Chapter 4
While I was thinking about marriage proposal or rather a contract marriage. I started reviewing the household's income for the last five years. Thank God, that in my absence there was always an income and mother left enough saving, so I can start renovating the resort and probably start my new clinic, out of the empty house that once my grandfather lived.
I was pretty tired, but I decided to go on a walk to visit my parent's grave. During those three days, I haven't found time to visit my parent's grave.
What an unfilial daughter I am, I thought sadly to myself.
The Mountainville cemetery looked gloomy in January, my parent's graves are covered in snow. The flowers that covering my mother's grave is still here and I was unable to attend my mother's funeral.

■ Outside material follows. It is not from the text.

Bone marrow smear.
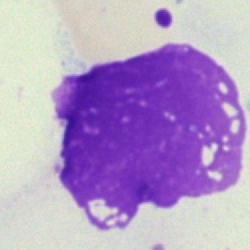This is an artifact.

The tears escaped from my eyes.
"I'm sorry!" My voice trembled and I started sobbing.
"I know that I'm the worst daughter, I selfishly ran away from home without considering your feelings too." When I lived in Etria, I thought about my actions and wished to come back early, but it's was either my pride or fear that kept me from coming back.
"I'm stupid for not coming home earlier. I wished I could come home sooner where you were still alive and now it's my turn to suffer and I deserve this." I sighed then turned my eyes to my father's grave, my father's grave is not that decorated like my mother's.
"I missed you and I still do."
When I was sad or just have anxiety, I could always seek comfort from my father. He would always comfort me, cheer me on and support me, living those five years without him was hell, especially since I lived alone in Etria, but luckily I managed to survive with the help of my friends and graduate college.
Now that I thought about it, I was really lucky that I survived because especially with my anxiety I went through a lot of things and even considered suicide as an option one time.
My anxiety isn't that bad as it's used to in my childhood and during college years, kudos to my therapist.
"During my difficult times, I wished that you could comfort me. But If I hadn't learned to move on with life without you, I wouldn't be here without my degree or complete sanity."
"I guess I came back more prepared?" I hesitantly asked. Even though compared to other women of my age who were raised in the noble household I had more experience with the real world than them.
"This time I'll make sure that I would never disappoint you both." I vowed to my parents. Then I took a deep breath and went back home.
During those five years, I've matured and became more capable. I've changed and I don't know if I will able to fit in society, or even want to.
Living in Etria, I've got used to the idea where men and women can be equal, but in Ravendale where the women are more dominant in society and in the country where is a very rare thing to be raised by alcoholic parents, is very rare to be raped by the men.
It's hard to convince people in Ravendale that women and men can be equal when positive points are far more than negative and we lived like that for centuries.
I can't force my beliefs to other people's throat, even if I want to or need to. I guess in six months I have to try to fit in the society if I want to open my clinic successfully. To do that I need to marry into an influential family, and Amethyst family is one of the most influential families in Ravendale.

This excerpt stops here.